EXERCISE DETAILS: Give back all of the data exactly, with every picture omitted.

Dataset records:
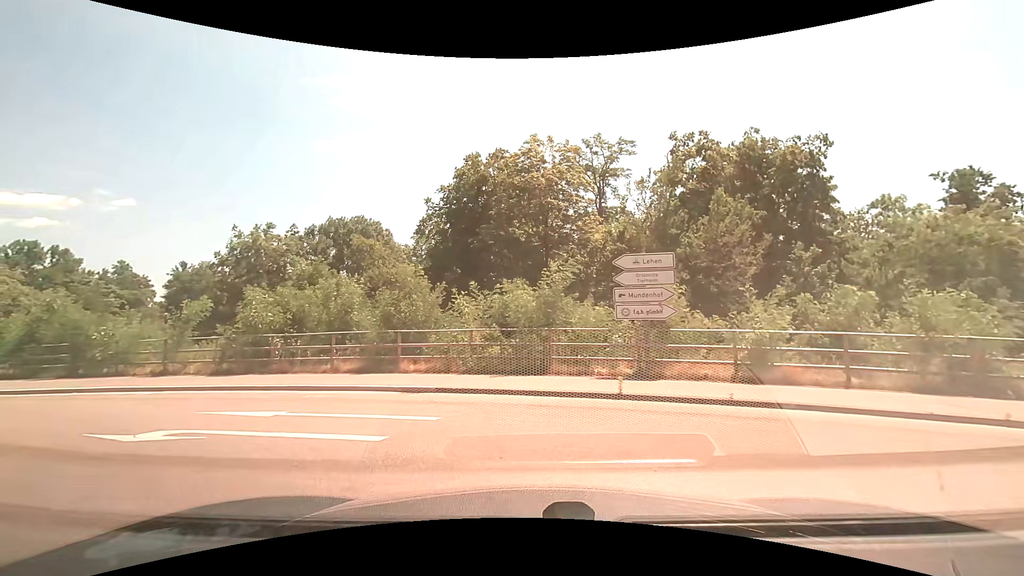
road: trunk_link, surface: asphalt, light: Day
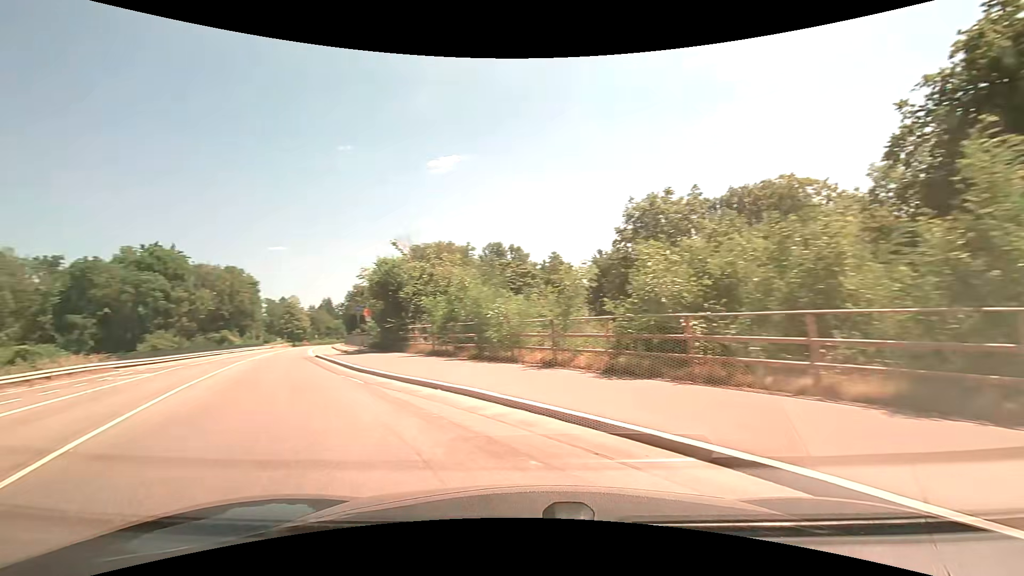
(-3.1, +8.7) m; -45°
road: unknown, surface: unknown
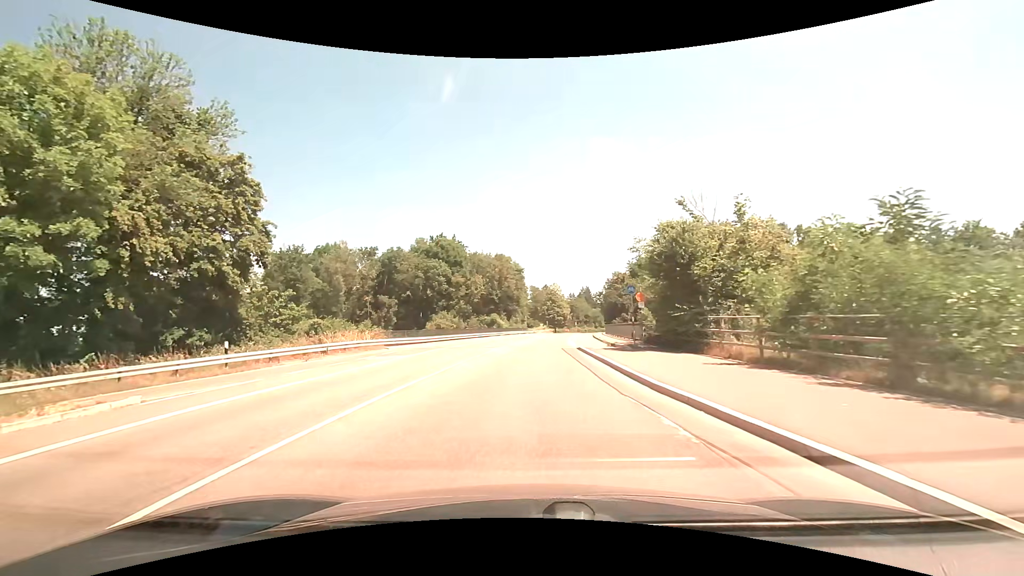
(-2.5, +7.7) m; -28°
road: tertiary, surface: asphalt
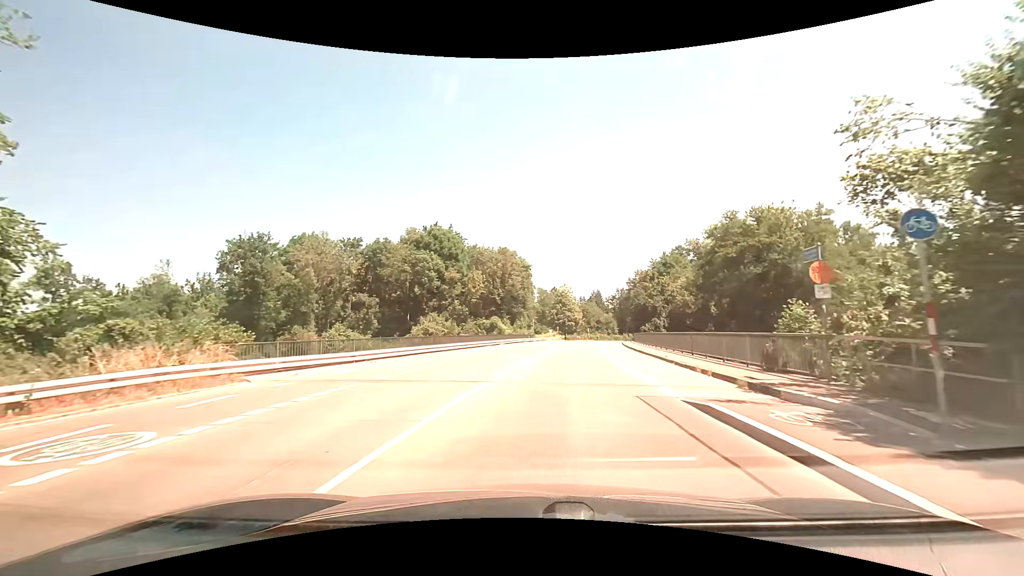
(-0.4, +15.9) m; -1°
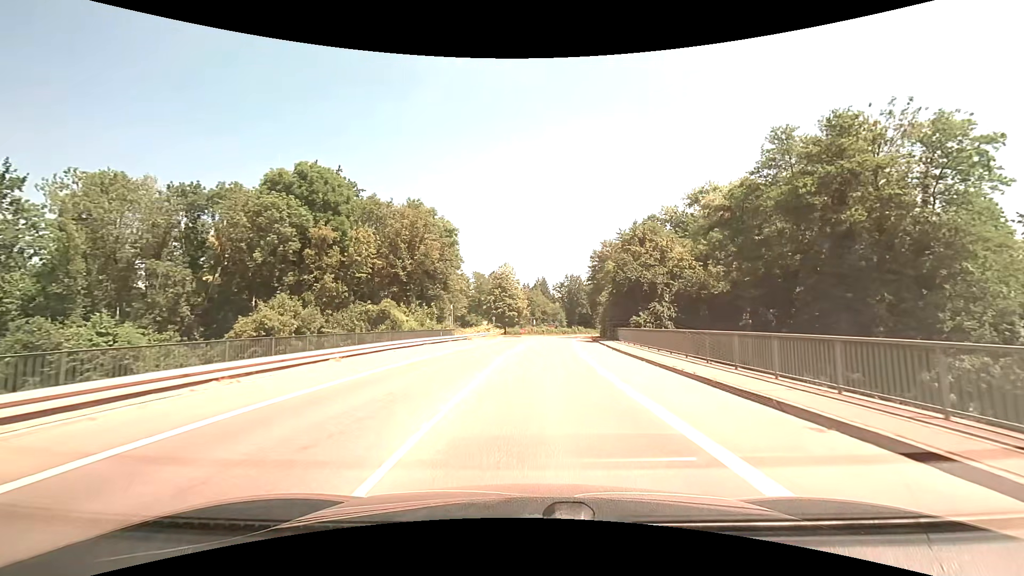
(+2.3, +28.6) m; +7°
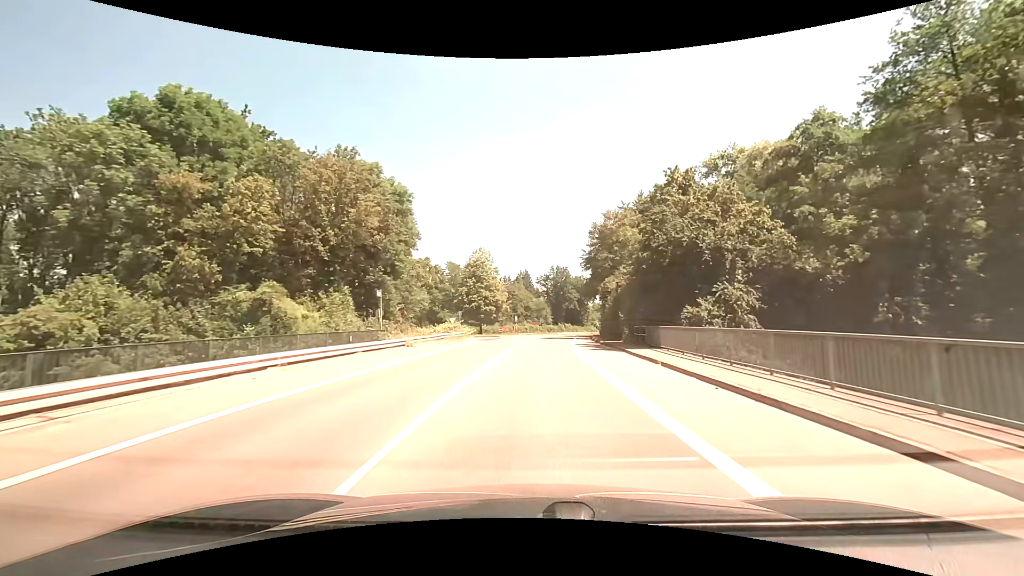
(+0.3, +16.9) m; +2°
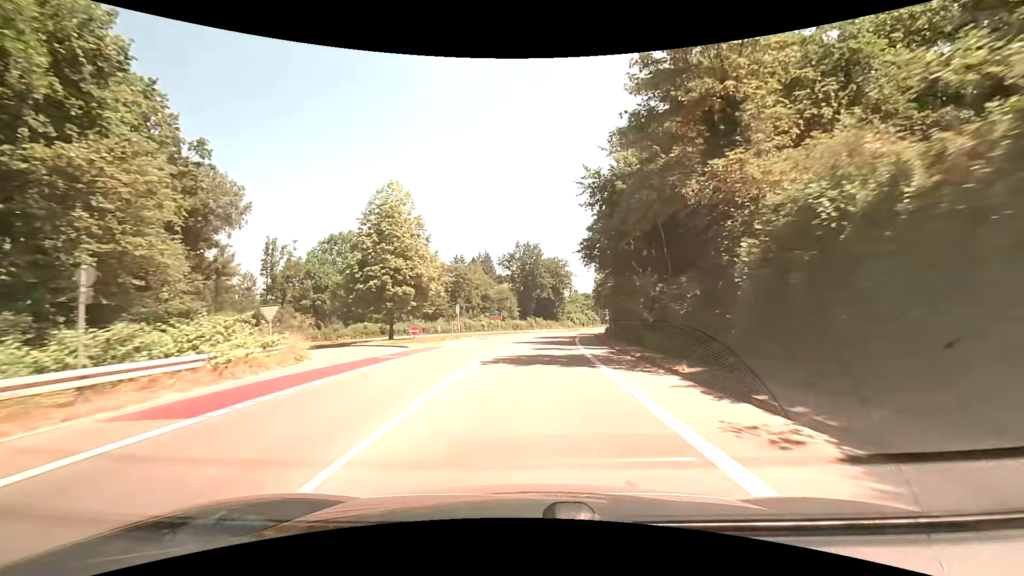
(+1.4, +36.0) m; +4°
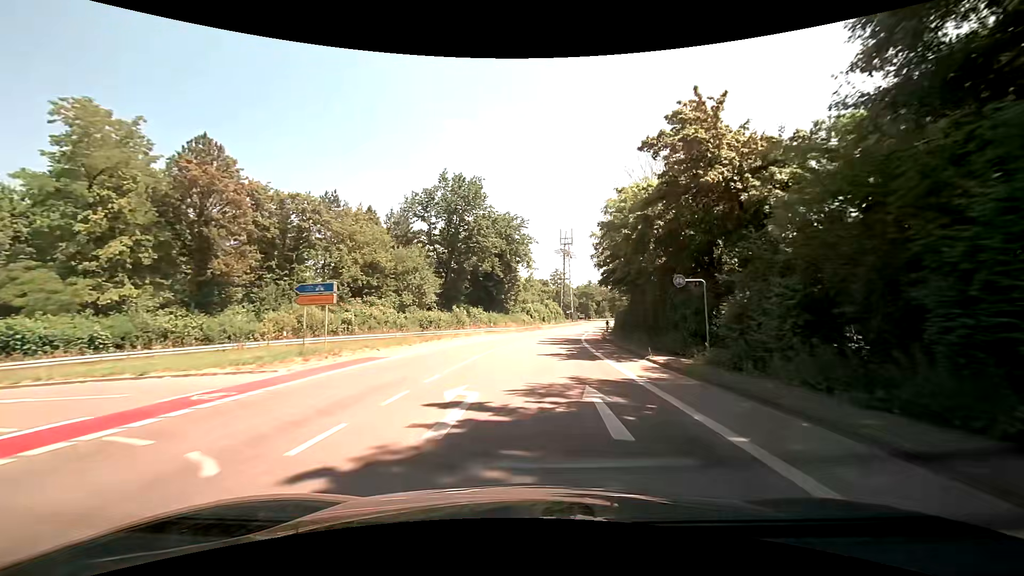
(+2.3, +48.0) m; +7°

ANSWER SECTION:
road: trunk_link, surface: asphalt, light: Day
(-3.1, +8.7) m; -45°
road: unknown, surface: unknown
(-2.5, +7.7) m; -28°
road: tertiary, surface: asphalt
(-0.4, +15.9) m; -1°
(+2.3, +28.6) m; +7°
(+0.3, +16.9) m; +2°
(+1.4, +36.0) m; +4°
(+2.3, +48.0) m; +7°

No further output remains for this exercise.